震災、原発事故から間もなく2年を迎えようとしている。

この間、2年経てば除染や損害賠償はある程度進んでいるものと予想していたが、現状は種々の課題が山積し、厳しい状況が続いていると言わざるを得ない。特に損害賠償の問題については弁護士、弁護士会が果たさなければならない役割も大きく、当会もこれまでの成果を検証しつつ更なる取組みの強化を図って行く所存である。

ところで、当会は昨年2012年2月の通常総会で「速やかに、原子力発電所を廃止し、自然エネルギーへの転換を実現することを求める」決議を採択した。

今回の事故によって、もともとの放射性物質の危険性とともに放射性廃棄物処理の困難さが白日の下にさらされた。2011年3月11日以降の福島第一原子力発電所の壊滅的な状況を目の当りにし、原発から降りかかった放射性物質により甚大な被害を蒙った福島県民の目から見れば、すべての原発をできる限り速やかに廃止し、国が今後原発に頼らないエネルギー政策を推進するべきであることは当然である。

加えて、もともと日本は太平洋プレート、北米プレート、ユーラシアプレート、フィリピン海プレートの境目に位置し、大規模な地震が発生し易い場所であるからこそあれだけの地震が発生したことが明らかとなっている。複雑な配管などの集合体とも言える原子力発電所が、あれ程のあるいはあのときを超える大規模な地震の前に常に安全を保っていられるとは到底考えられない。

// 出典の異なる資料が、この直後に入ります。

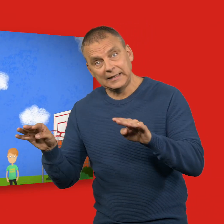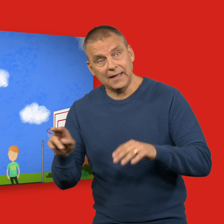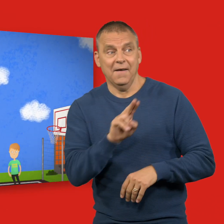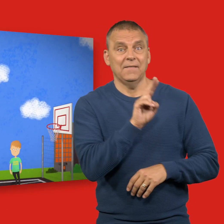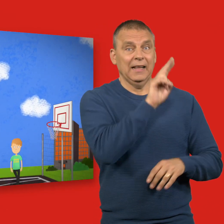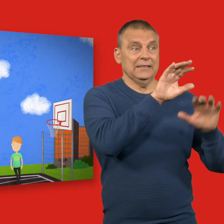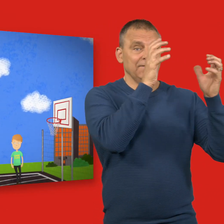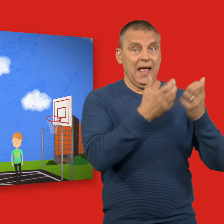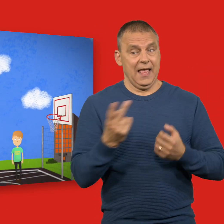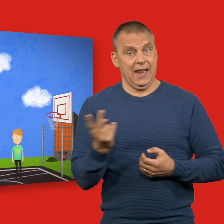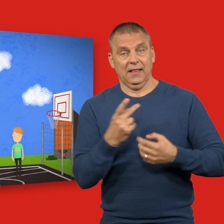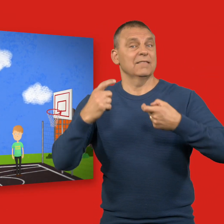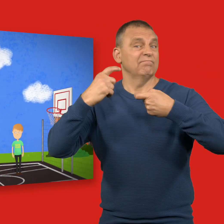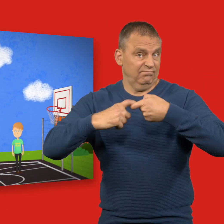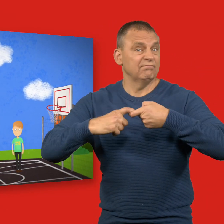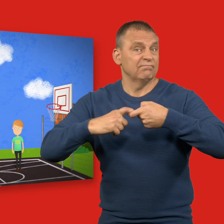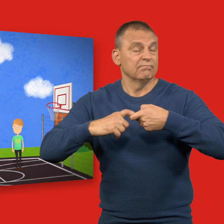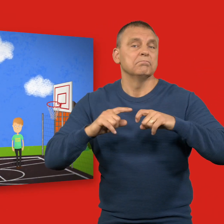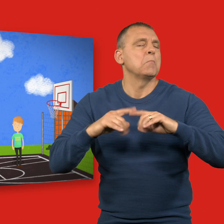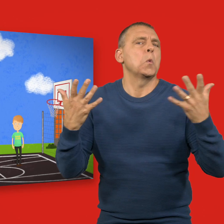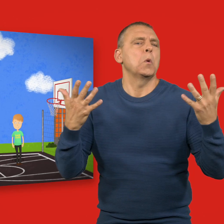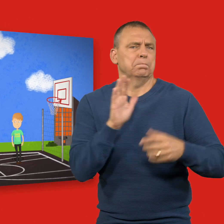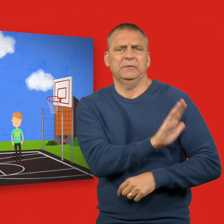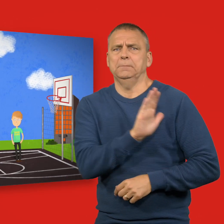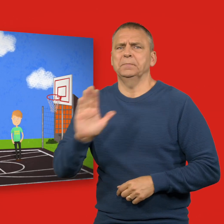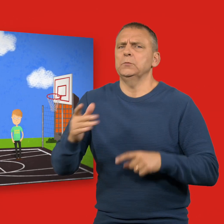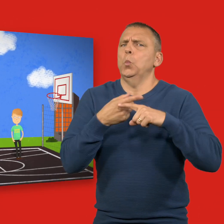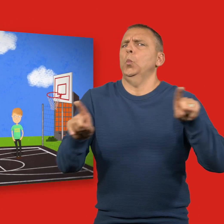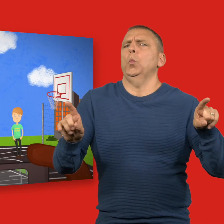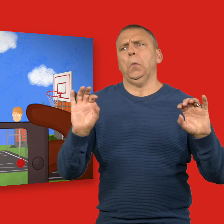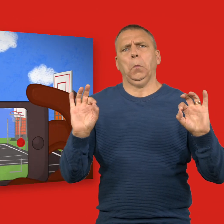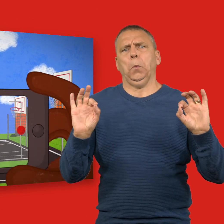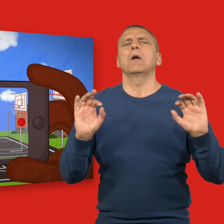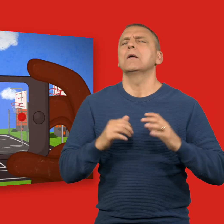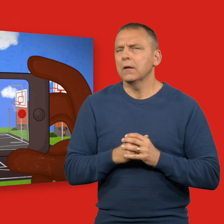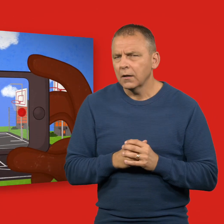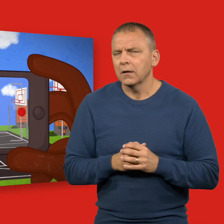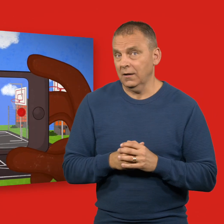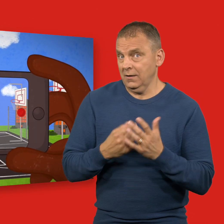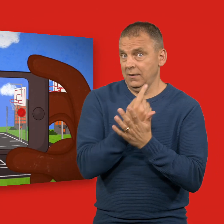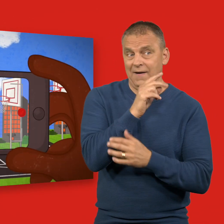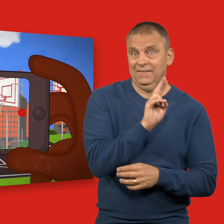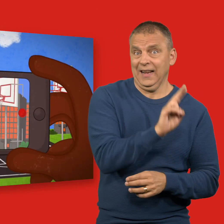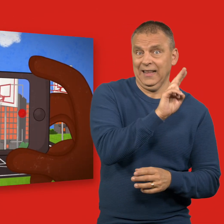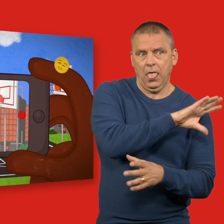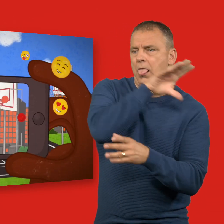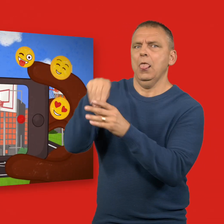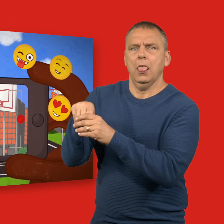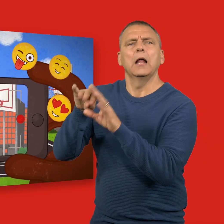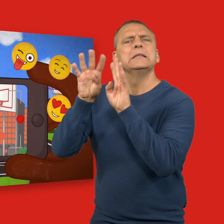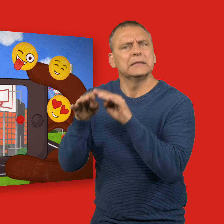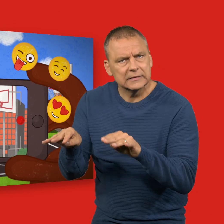Nätet och den verkliga världen hör ihop, även om man lever i dem på lite olika sätt. Det som händer i den verkliga

また、原子力発電所は、廃炉作業においてはもちろん、通常運転時でもそこに携る誰かが法律が定める被曝許容限度の範囲内で、場合によって実態としてはそれを超えて被曝労働を引受けなければ稼働し続けられないものであることも、決して軽視できない事実である。

昨今、日本経済は低迷して閉塞感が漂っており、ともすると経済再生が優先され、これだけの被害を引起こした原発事故の惨過が忘れ去られ、原子力発電に頼らない政策への転換が置き去りにされようとしている。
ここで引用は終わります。